A word-for-word retyping of the listing below is required, with the pictures dropped.

[Opening RECORDS SUPPLIED section]

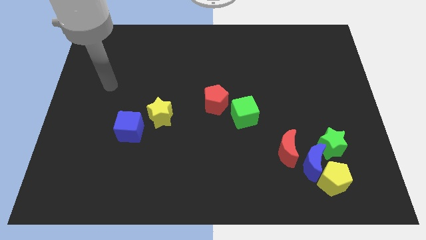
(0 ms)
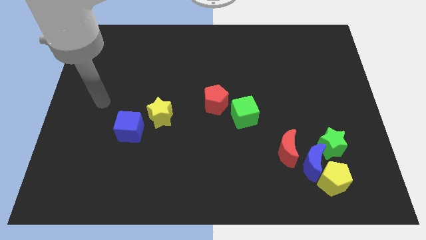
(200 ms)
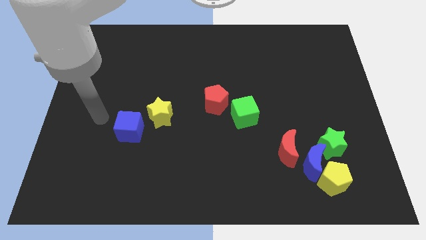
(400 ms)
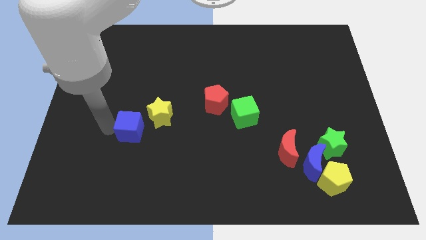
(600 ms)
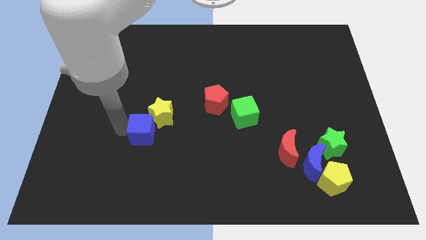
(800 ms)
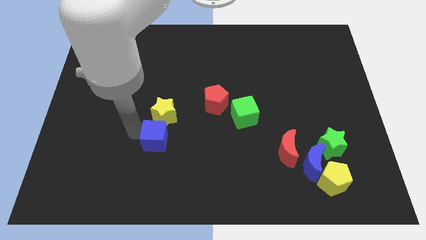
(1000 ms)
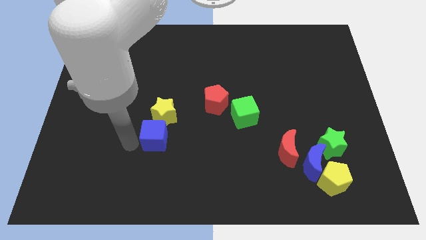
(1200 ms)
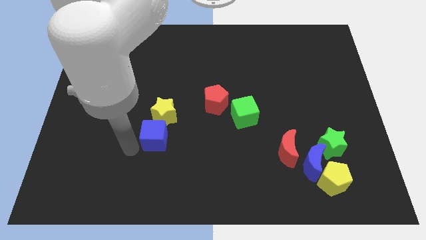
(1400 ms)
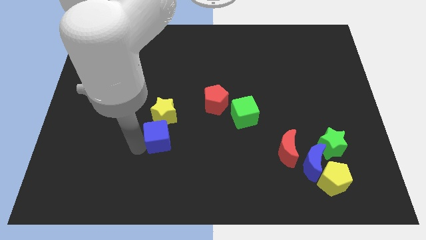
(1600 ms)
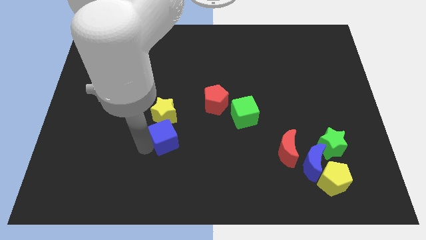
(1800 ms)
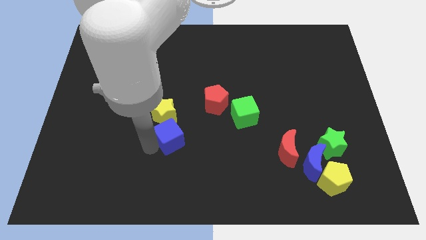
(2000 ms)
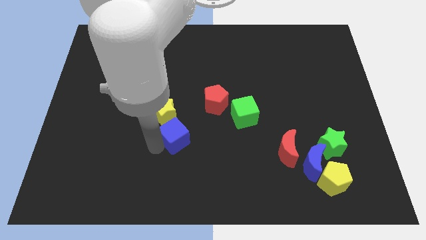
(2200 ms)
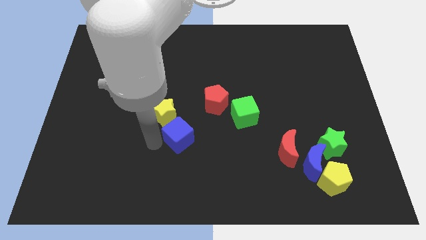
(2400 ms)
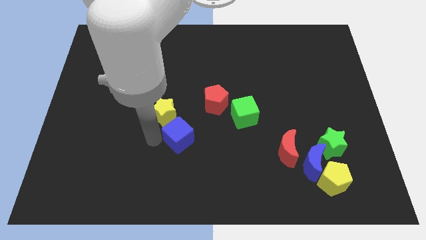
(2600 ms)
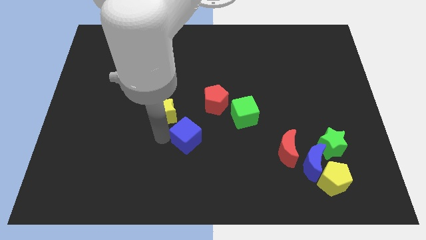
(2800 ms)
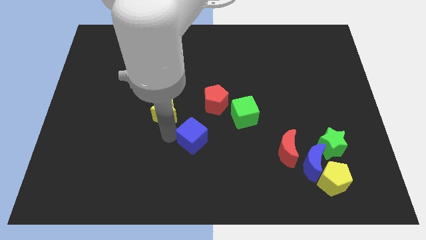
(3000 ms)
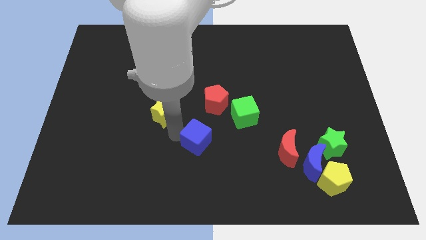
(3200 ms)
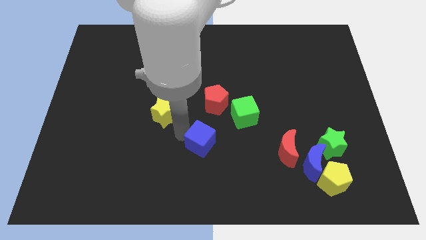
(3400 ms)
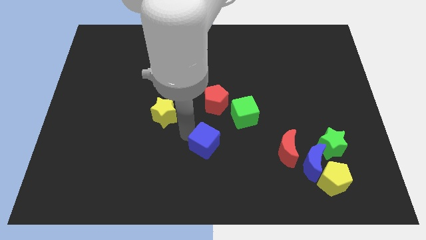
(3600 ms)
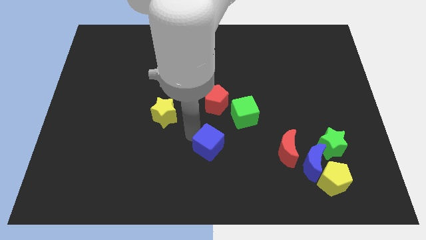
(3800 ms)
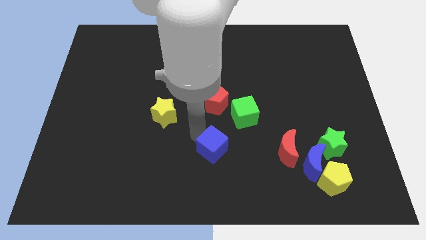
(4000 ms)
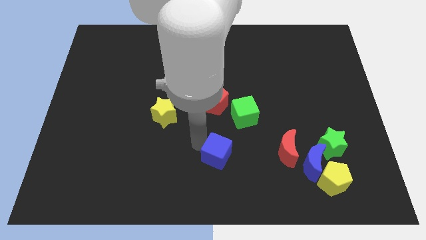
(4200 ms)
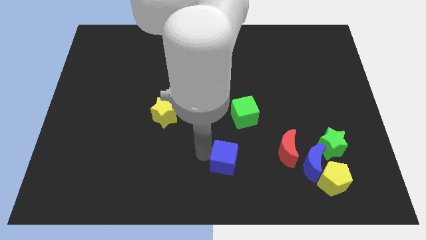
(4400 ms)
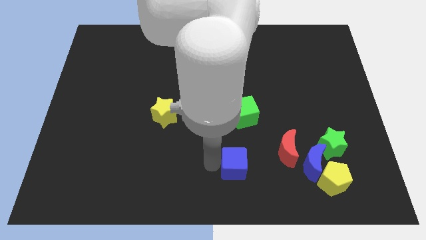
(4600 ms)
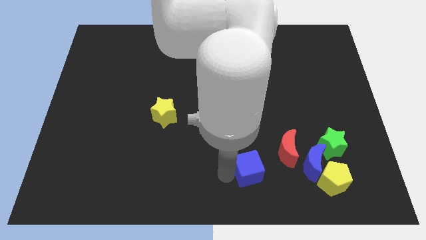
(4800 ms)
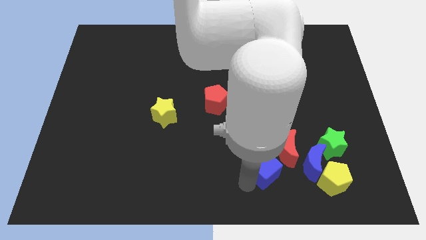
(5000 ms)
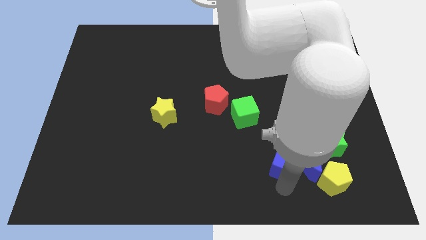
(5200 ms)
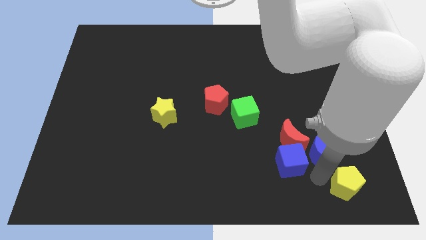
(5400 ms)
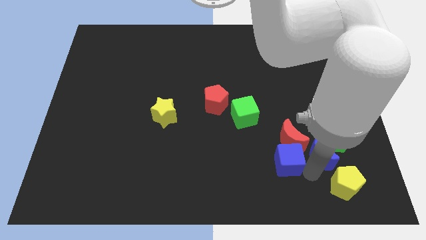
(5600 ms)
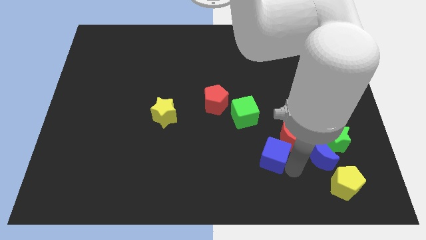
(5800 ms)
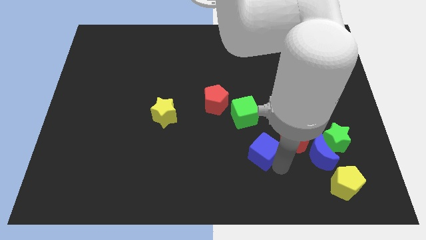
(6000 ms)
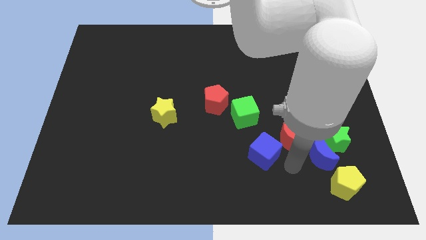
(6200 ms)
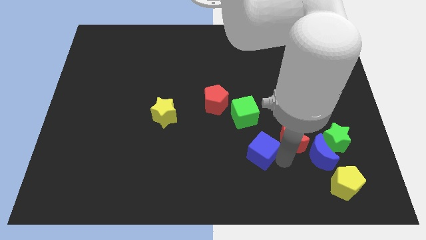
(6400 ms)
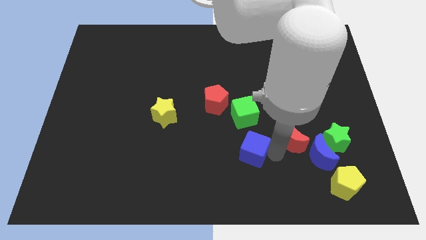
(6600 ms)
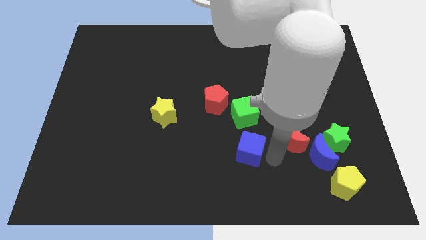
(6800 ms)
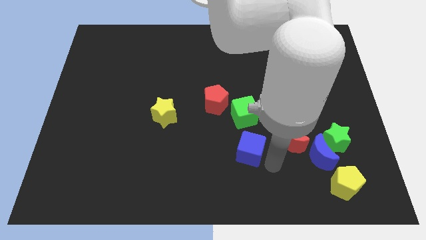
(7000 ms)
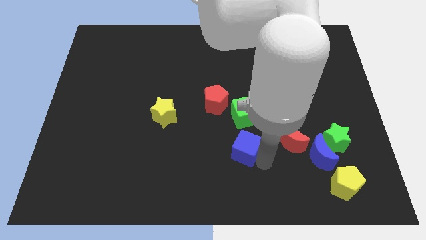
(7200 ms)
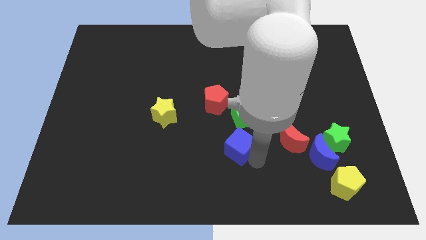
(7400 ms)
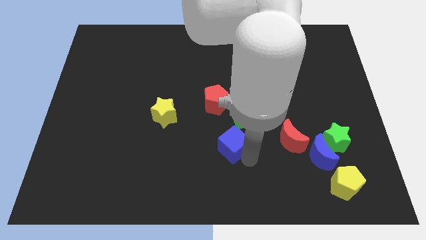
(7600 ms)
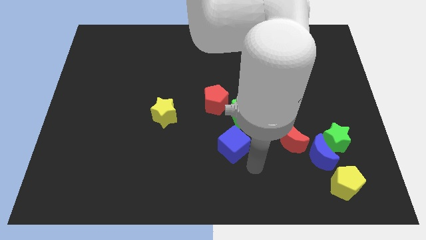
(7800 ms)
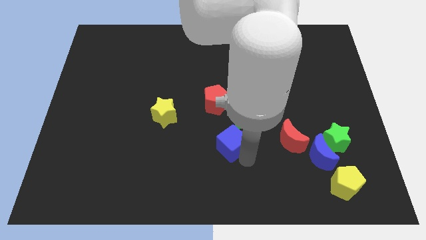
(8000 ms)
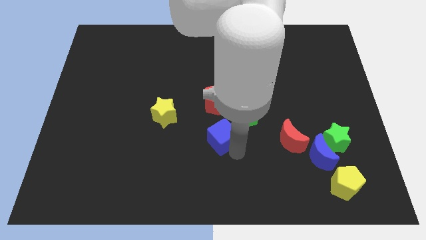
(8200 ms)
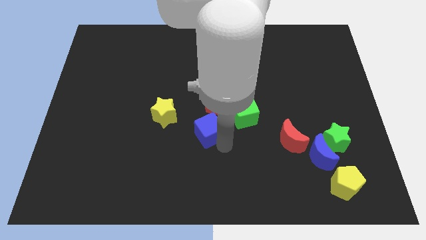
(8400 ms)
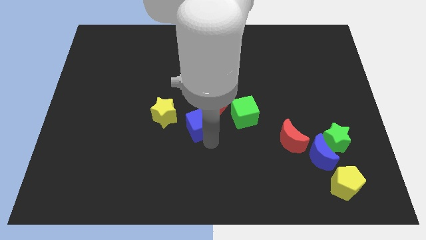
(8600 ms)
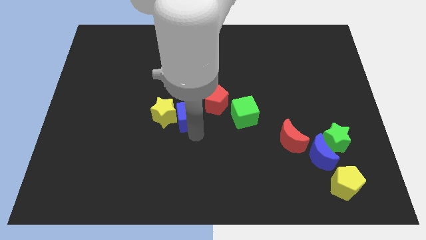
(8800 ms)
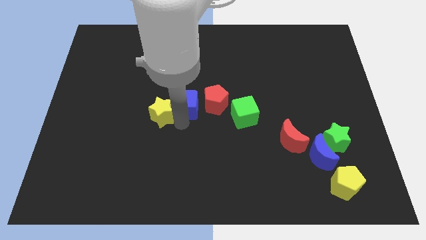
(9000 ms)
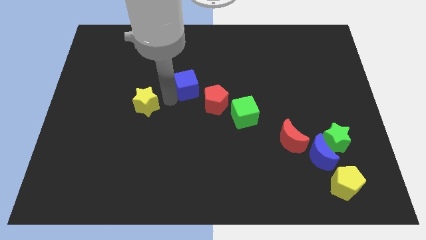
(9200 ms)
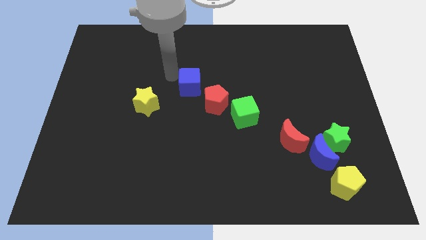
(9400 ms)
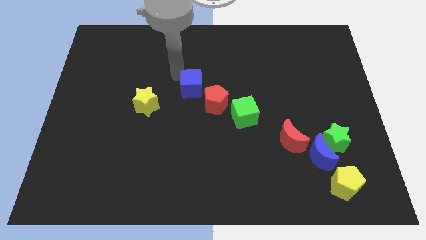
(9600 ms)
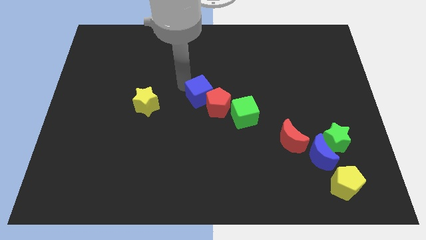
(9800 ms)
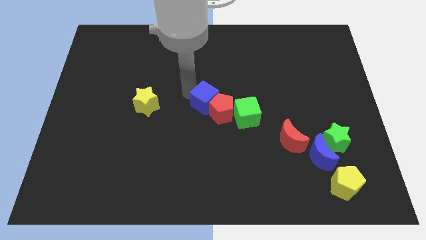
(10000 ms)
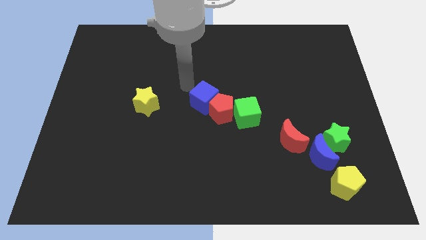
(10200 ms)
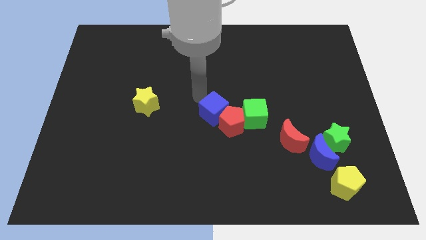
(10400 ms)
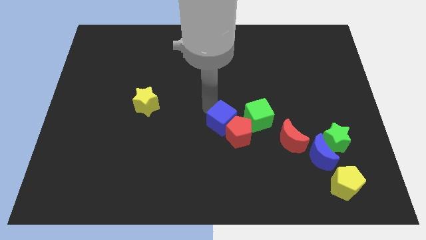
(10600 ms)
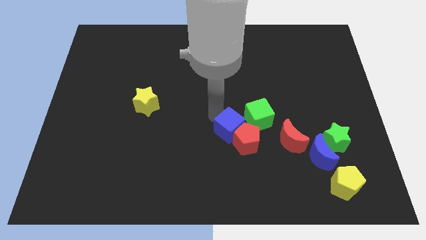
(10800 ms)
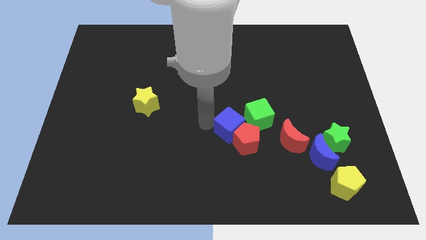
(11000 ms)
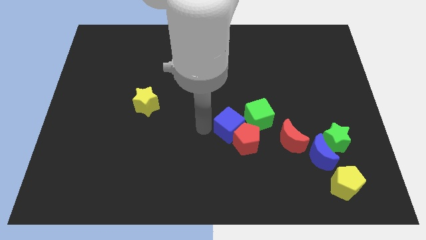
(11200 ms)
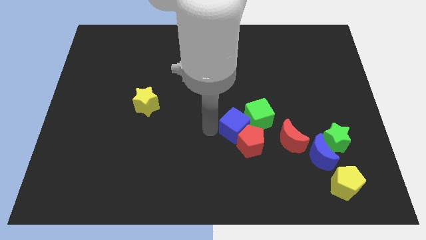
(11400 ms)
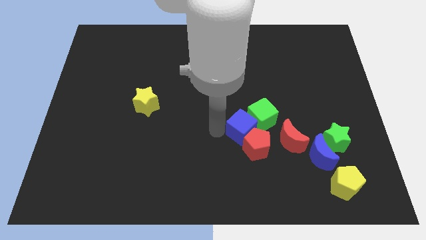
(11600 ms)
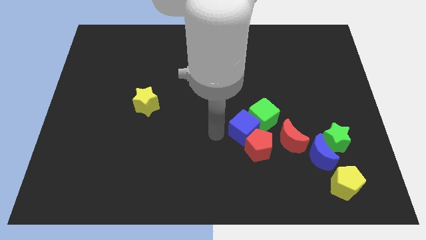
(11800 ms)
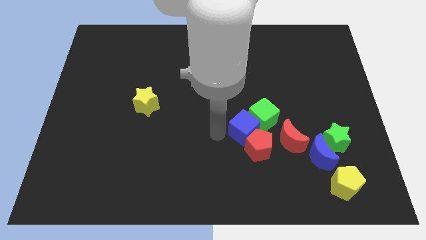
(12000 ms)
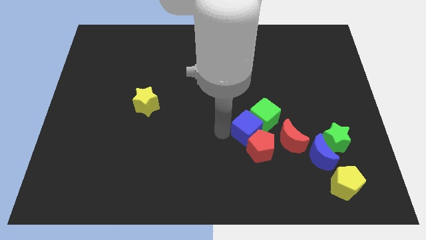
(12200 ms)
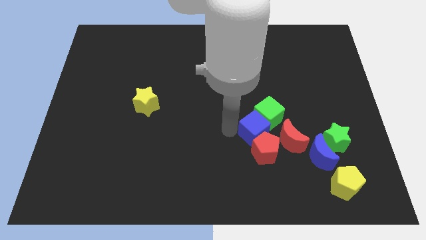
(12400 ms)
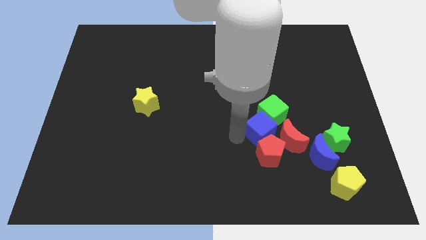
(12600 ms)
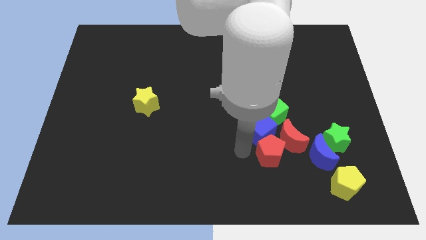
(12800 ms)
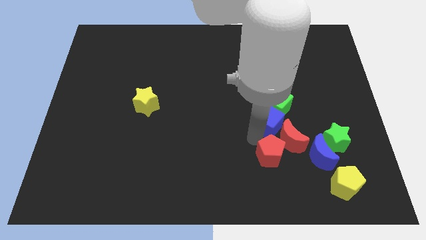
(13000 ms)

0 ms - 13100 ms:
move the blue cube to the top of the red moon

[Closing RECORDS SUPPLIED section]

*ANSWER TO THE PROBLEM*.
(0 ms)
(200 ms)
(400 ms)
(600 ms)
(800 ms)
(1000 ms)
(1200 ms)
(1400 ms)
(1600 ms)
(1800 ms)
(2000 ms)
(2200 ms)
(2400 ms)
(2600 ms)
(2800 ms)
(3000 ms)
(3200 ms)
(3400 ms)
(3600 ms)
(3800 ms)
(4000 ms)
(4200 ms)
(4400 ms)
(4600 ms)
(4800 ms)
(5000 ms)
(5200 ms)
(5400 ms)
(5600 ms)
(5800 ms)
(6000 ms)
(6200 ms)
(6400 ms)
(6600 ms)
(6800 ms)
(7000 ms)
(7200 ms)
(7400 ms)
(7600 ms)
(7800 ms)
(8000 ms)
(8200 ms)
(8400 ms)
(8600 ms)
(8800 ms)
(9000 ms)
(9200 ms)
(9400 ms)
(9600 ms)
(9800 ms)
(10000 ms)
(10200 ms)
(10400 ms)
(10600 ms)
(10800 ms)
(11000 ms)
(11200 ms)
(11400 ms)
(11600 ms)
(11800 ms)
(12000 ms)
(12200 ms)
(12400 ms)
(12600 ms)
(12800 ms)
(13000 ms)

0 ms - 13100 ms:
move the blue cube to the top of the red moon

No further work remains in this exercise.